“A hero is only as great as his villain,” or so the saying goes. And every good hero needs an arch nemesis. Batman has the Joker. Daredevil has Kingpin. Captain America has the Red Skull.
And when it comes to supervillains, few heroes have nearly as robust a rogue’s gallery as Spider-Man. In addition to his prototypical adversary, the Green Goblin, he has a veritable menagerie to square off against. From Doctor Octopus to the Jackal, or the Lizard to the Vulture, Spider-Man’s best showdowns have been against similarly animal-themed superhumans.
The historic problem with superhero movies is that they have always recognized this inherent strength in their franchises, and crammed as many of their ne’er-do-wells into the latest installment of their long-running franchises. Most of these villains are robust enough to stand on their own against their goody two-shoed rivals, but two, three and even four of them in a single movie is not generally out of the question.
The worst of these kinds of movies almost always have the most bad-guys crammed into the same runtime. Batman & Robin, which tanked the entire genre when it was released in 1997, had Mr. Freeze, Poison Ivy and Bane sharing the screen opposite of just as many members of the Bat family. The Amazing Spider-Man 2 had Rhino, Electro and the Green Goblin all at once, in addition to setting up the entirety of the Sinister Six for a presumed third movie.
So you’d think that Sony would have learned their lesson by now when it came to over-stuffing their comic book movies with too many villains. One is enough. Two can work. But that’s it. Leave the rest for the sequels.
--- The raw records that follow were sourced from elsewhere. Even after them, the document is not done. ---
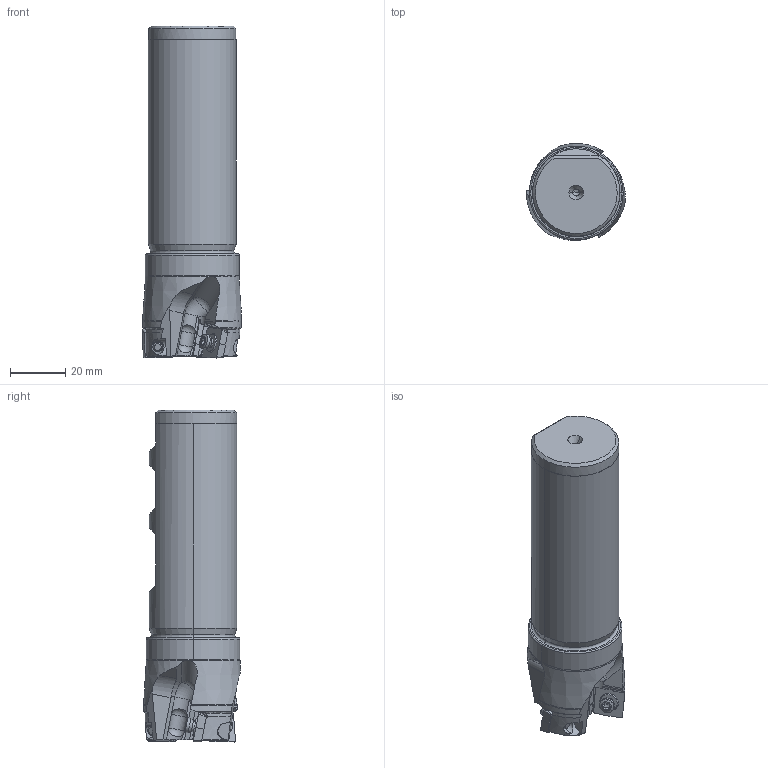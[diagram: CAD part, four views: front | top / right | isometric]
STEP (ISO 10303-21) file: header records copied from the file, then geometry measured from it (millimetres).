
FILE_DESCRIPTION(/* description */ (''),/* implementation_level */ '2;1');
FILE_NAME(/* name */ 'ASX400R243W20.stp',/* time_stamp */ '2021-09-08T11:41:39+09:00',/* author */ (''),/* organization */ (''),/* preprocessor_version */ 'ST-DEVELOPER v16',/* originating_system */ 'SIEMENS PLM Software NX 10.0',/* authorisation */ '');
FILE_SCHEMA (('AUTOMOTIVE_DESIGN { 1 0 10303 214 3 1 1 1 }'));
Length unit declared in the file: millimetre
Products named in the file (1): ASX400R243W20_ASM
Bounding box: 35.83 x 35.18 x 120.37 mm (x, y, z)
Volume: 89040.9 mm3; surface area: 17187.9 mm2
Topology: 10 solids, 10 shells, 474 faces, 1370 edges, 908 vertices
Faces by surface type: plane 193, cylinder 158, cone 64, torus 26, sphere 15, extrusion 12, bspline 6
Entity records: 18339 total; most frequent: CARTESIAN_POINT 5857, ORIENTED_EDGE 2678, DIRECTION 2454, EDGE_CURVE 1339, AXIS2_PLACEMENT_3D 942, VERTEX_POINT 902, VECTOR 570, LINE 558

That, however, is not the case for their upcoming Spider-Man spinoff movie Silver & Black. As you might recall, this is the Spider-Man movie that won’t actually feature your friendly neighborhood Spider-Man, nor will it be connected to the Marvel Cinematic Universe in any way. This is just Sony exploiting their tenuous legal grasp on the Spider-Man film rights after trading it back to Marvel when it was apparent that the Amazing Spider-Man movies were going nowhere fast.
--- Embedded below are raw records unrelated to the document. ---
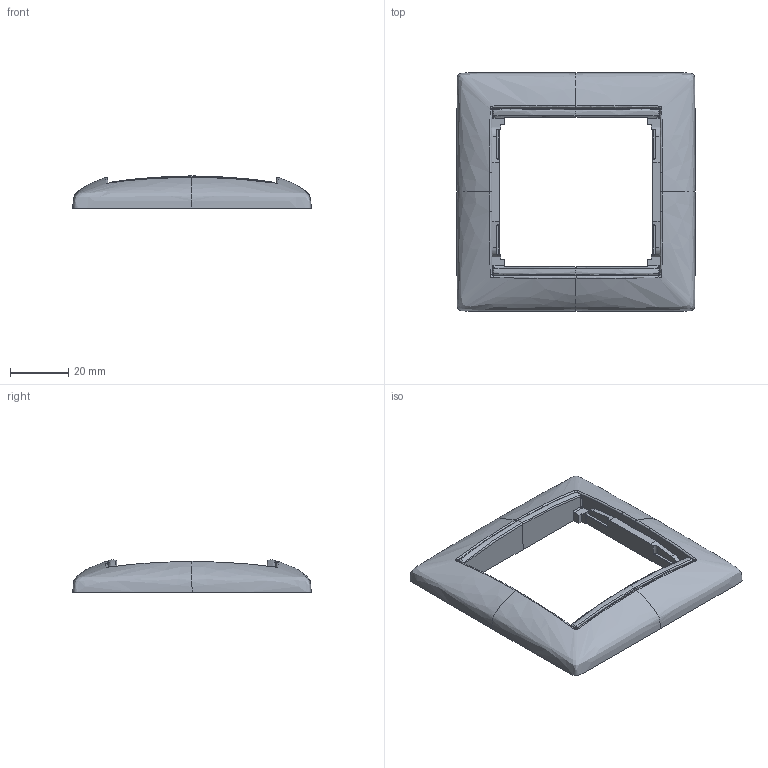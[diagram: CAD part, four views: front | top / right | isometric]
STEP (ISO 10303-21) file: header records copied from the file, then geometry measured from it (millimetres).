
FILE_DESCRIPTION(('STEP AP242'), '1');
FILE_NAME('774451', '2025-04-21T10:07:34', ('lkeadmin'), ('DC1INFRASCCM01'), 'C3D Converter', 'C3D Toolkit', '');
FILE_SCHEMA(('AP242_MANAGED_MODEL_BASED_3D_ENGINEERING_MIM_LF { 1 0 10303 442 1 1 4 }'));
Length unit declared in the file: millimetre
Products named in the file (1): БЕИВ.741336.010
Bounding box: 82 x 82 x 11.07 mm (x, y, z)
Volume: 27744.7 mm3; surface area: 13578.3 mm2
Topology: 1 solids, 1 shells, 339 faces, 852 edges, 490 vertices
Faces by surface type: bspline 216, plane 69, cylinder 32, extrusion 14, sphere 8
Entity records: 35629 total; most frequent: CARTESIAN_POINT 26913, ORIENTED_EDGE 1652, EDGE_CURVE 826, B_SPLINE_CURVE_WITH_KNOTS 636, VERTEX_POINT 490, DIRECTION 470, FACE_BOUND 342, EDGE_LOOP 342

Rather than Spider-Man himself, the film will mainline a team-up of two of his romantic interests: Black Cat and Silver Sable. Black Cat started off as a busty Catwoman knock-off that’s actually grown into an interesting character by becoming the new Kingpin in the Spider-Man comics. Silver Sable is an unfortunate leftover from the era of comics where simply giving a character a big gun was enough to get them a recurring role in big-name books: she’s a tough-as-nails mercenary and sometimes Hero for Hire.
We now know who the not so dynamic duo will be squaring off against in their big screen debut and, boy, is it a doozy. They will be facing not two nor three nor four, but five supervillains. They’re blowing through five of some of the most notable and interesting villains this side of Queens and they’re not even batting an eye about it.
From what we’re currently being told, the foremost antagonist of the film is going to be Gaunt: a little-known but longstanding Spider-Man villain who debuted back in 1966’s Amazing Spider-Man #37. He’s a robotics expert with a tricked-out, exoskeletal suit and apparently also has it in for Silver Sable. He outfits a pair of strong-armed thugs with high-tech weaponry to take down the object of his outrage.
The first of these is fan-favorite villain the Scorpion, who first appeared in this summer’s Spider-Man: Homecoming, who will come with his trademark robotic scorpion tail. The second will be Tarantula, a South-American terrorist whose trademark weapons are boots with retractable, drug-tipped blades hidden in the soles (evidently given to him by Gaunt within the context of the movie).
Operating independent of Gaunt’s / Scorpion’s / Tarantula’s plans is Tombstone, a Harlem-based gangster who’s apparent mission is to reclaim something Black Cat stole from him. He is a Gaunt, imposing figure that often works as hired muscle for high-end crime lords, so his presence naturally begs the question if the likes of the Kingpin, Silvermane or Hammerhead will show up as well.
Rounding out this already enormous cast is the Chameleon. Debuting as one of Spider-Man’s first villains — way, way back in Amazing Spider-Man #1 — Chameleon was a Russian spy capable of changing his appearance in order to perfectly disguise himself as anybody he chose. The movie has him as Silver Sable’s South American contact, who she evidently goes to for information on Tarantula.
The more we learn about this movie, the more utterly exhausting it all sounds. The idea is terrible enough on its surface, and then they go and blow through nearly a half-dozen of Spidey’s more memorable villains. It’s The Amazing Spider-Man 2 all over again, only this time without the benefit of so much as a Spider-Man cameo waiting in the wing.
I can’t think of a single reason of why it would be worth watching in the first place. It’s already confusing enough trying to figure out if these movies are supposed to be canonical with the MCU (they’re not), but now having to put up with all of these shoehorned-in, pointlessly reimagined villains feels like insult to injury. Enough with these Sony-made Spider-movies already!